Successive editors have availed themselves of all the latest technologies of examination and techniques of representation. The function of Gray’s book had been reconsidered in the context of modern teaching and reference material. The 150th anniversary edition in 2008, edited by Susan Standring (Gray, 2008) and subtitled The Anatomical Basis of Clinical Practice, is a huge volume of 1551 pages, directed predominantly at a postgraduate audience. Nothing of Gray remains, other than the reassuring brand name that denotes enduring authority, and the book’s systematic attuning to its pedagogic function. Gray himself featured no histology, no embryology and no neuroanatomy, which occupy almost the whole of the first 400 pages of the new edition. Nor did he include any accounts of physiology, function or pathology, which now loom large. There is now little that is purely ‘descriptive’ in Gray’s understanding of the term, and there is none of his asides directed at the surgeon.
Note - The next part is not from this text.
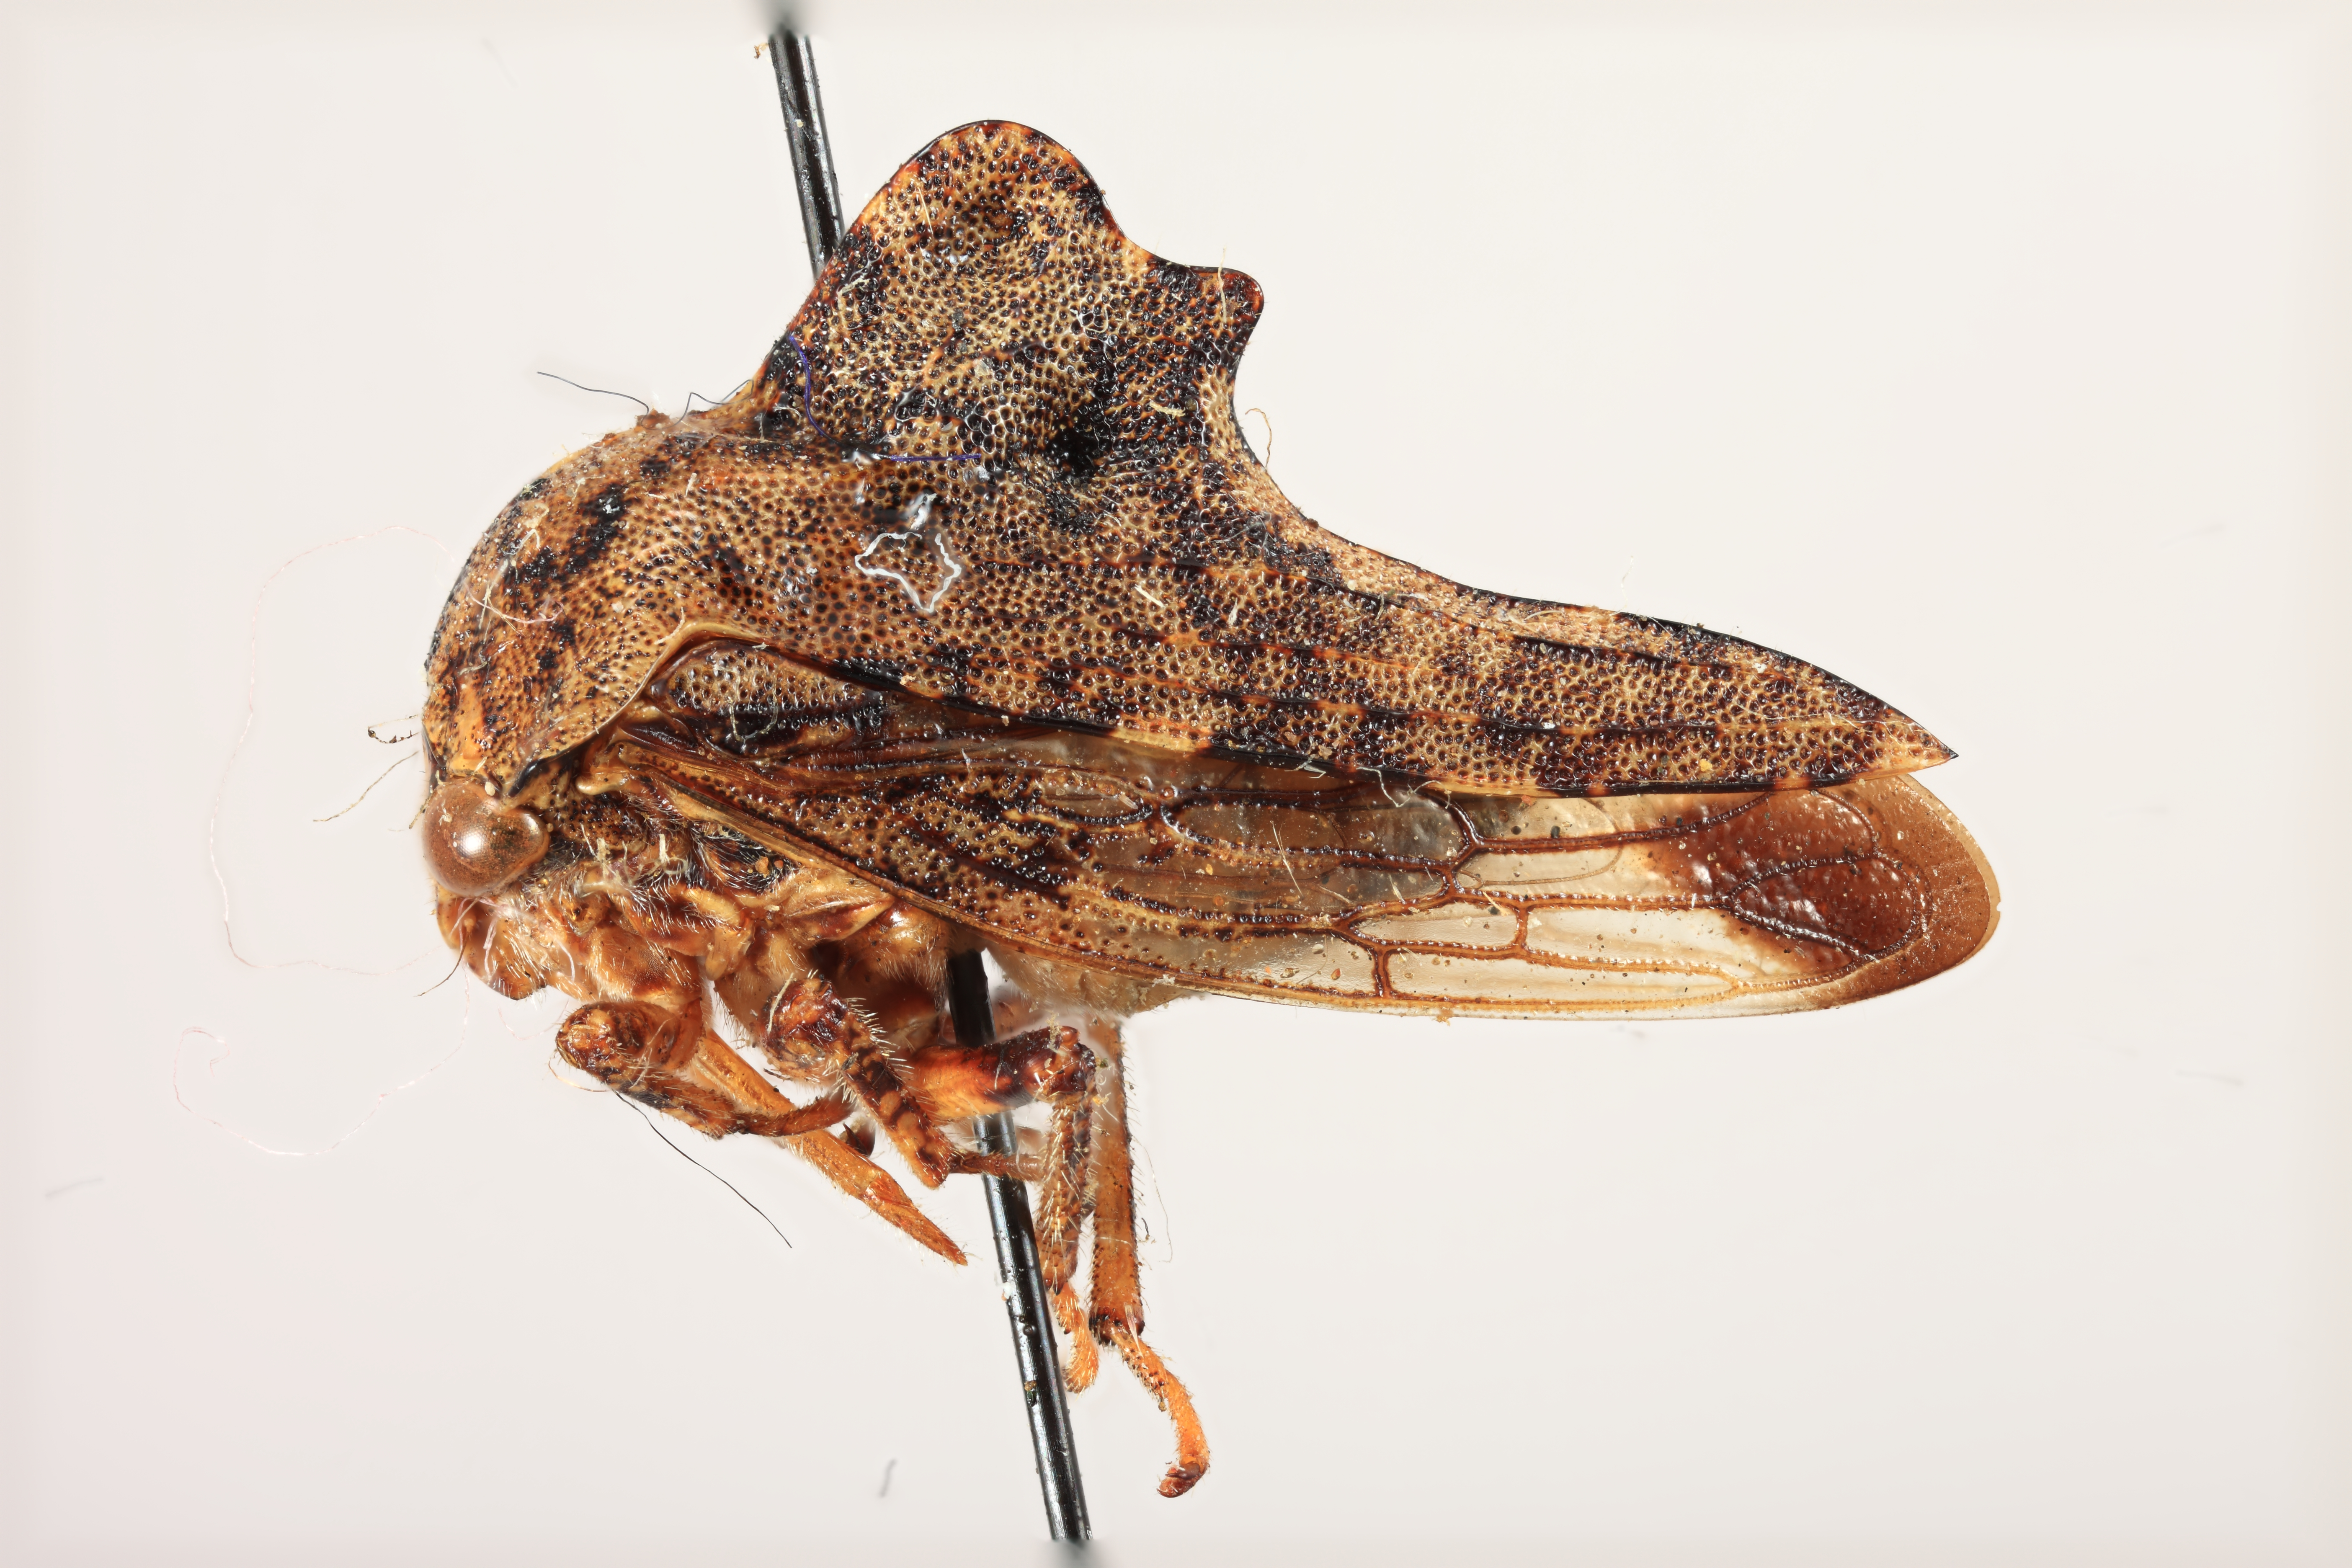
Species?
Heliria clitella
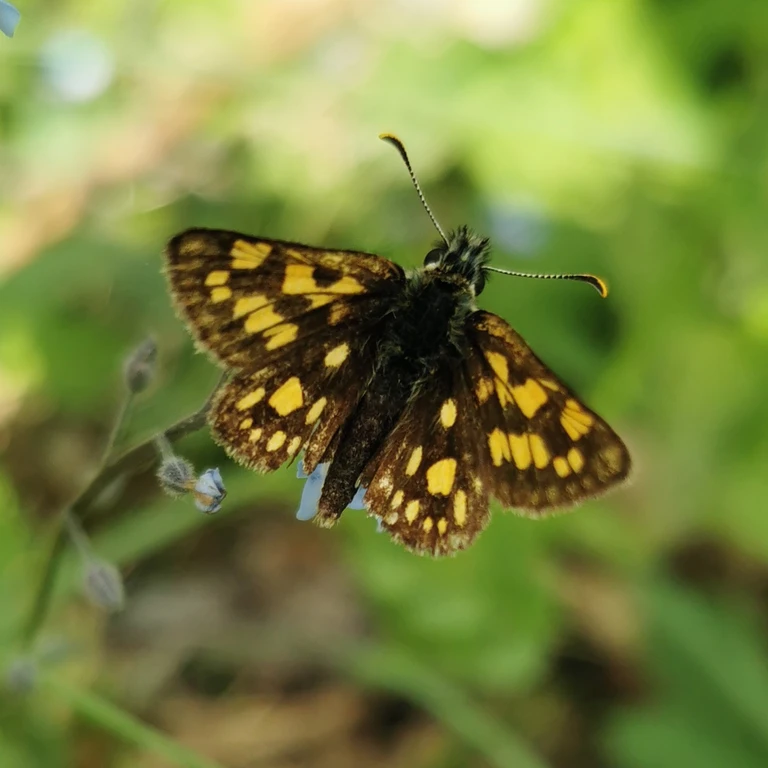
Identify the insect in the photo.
Carterocephalus palaemon

Many of the new, high-tech illustrations of forms are predicated on and even illustrative of mechanical function and physiology rather than restricted to observed morphology. The radical changes, not least the shift from systematic to regional anatomy, mirror the massive transformation in what is considered to be the best presentation of appropriate knowledge for students of medicine at a particular level in the system of teaching. Along with the new content comes the new style that is needed for the new age – a style needs to speak visually of the very latest technologies.

Conclusion

I think it is true to say that every one of the anatomists we have encountered up to the time of Gray was aiming to produce what portraitists call a ‘speaking likeness’. Key questions in judging the nature of this likeness, as we have seen, repeatedly concern who is speaking in what language through what medium to whom and in what context. I would strenuously resist simple generalizations about the motives (explicit and implicit) of the protagonists in achieving such communication as they succeeded in establishing. The various permutations of intellectual, visual, economic, institutional, and political factors which bore in on the perceptual and representational processes involved in the making and reading of the illustrations varied greatly for different anatomists and illustrators working in different places at different times and on different projects. However, there were clearly styles of enterprise which were common to particular phases of anatomical illustration, whether these phases are characterized in large collective terms, such as humanist and modern, or more precisely by localized identifications of place and date. One of the virtues of entering the business of characterizing anatomical illustrations through style is that its very elasticity as a concept does not force the historian into rigid preconceptions about ‘the central issue’ in scientific representation – whether defined by social attitude, religious or political conviction, patronage, institutional structures, view of science, philosophical stance, or whatever. Rather, style allows a richness of categorization on the largest and smallest of scales, ranging from gross generalizations about the modern ‘non-style’ down to minute observations about the humanist fly in Bidloo’s dissecting room.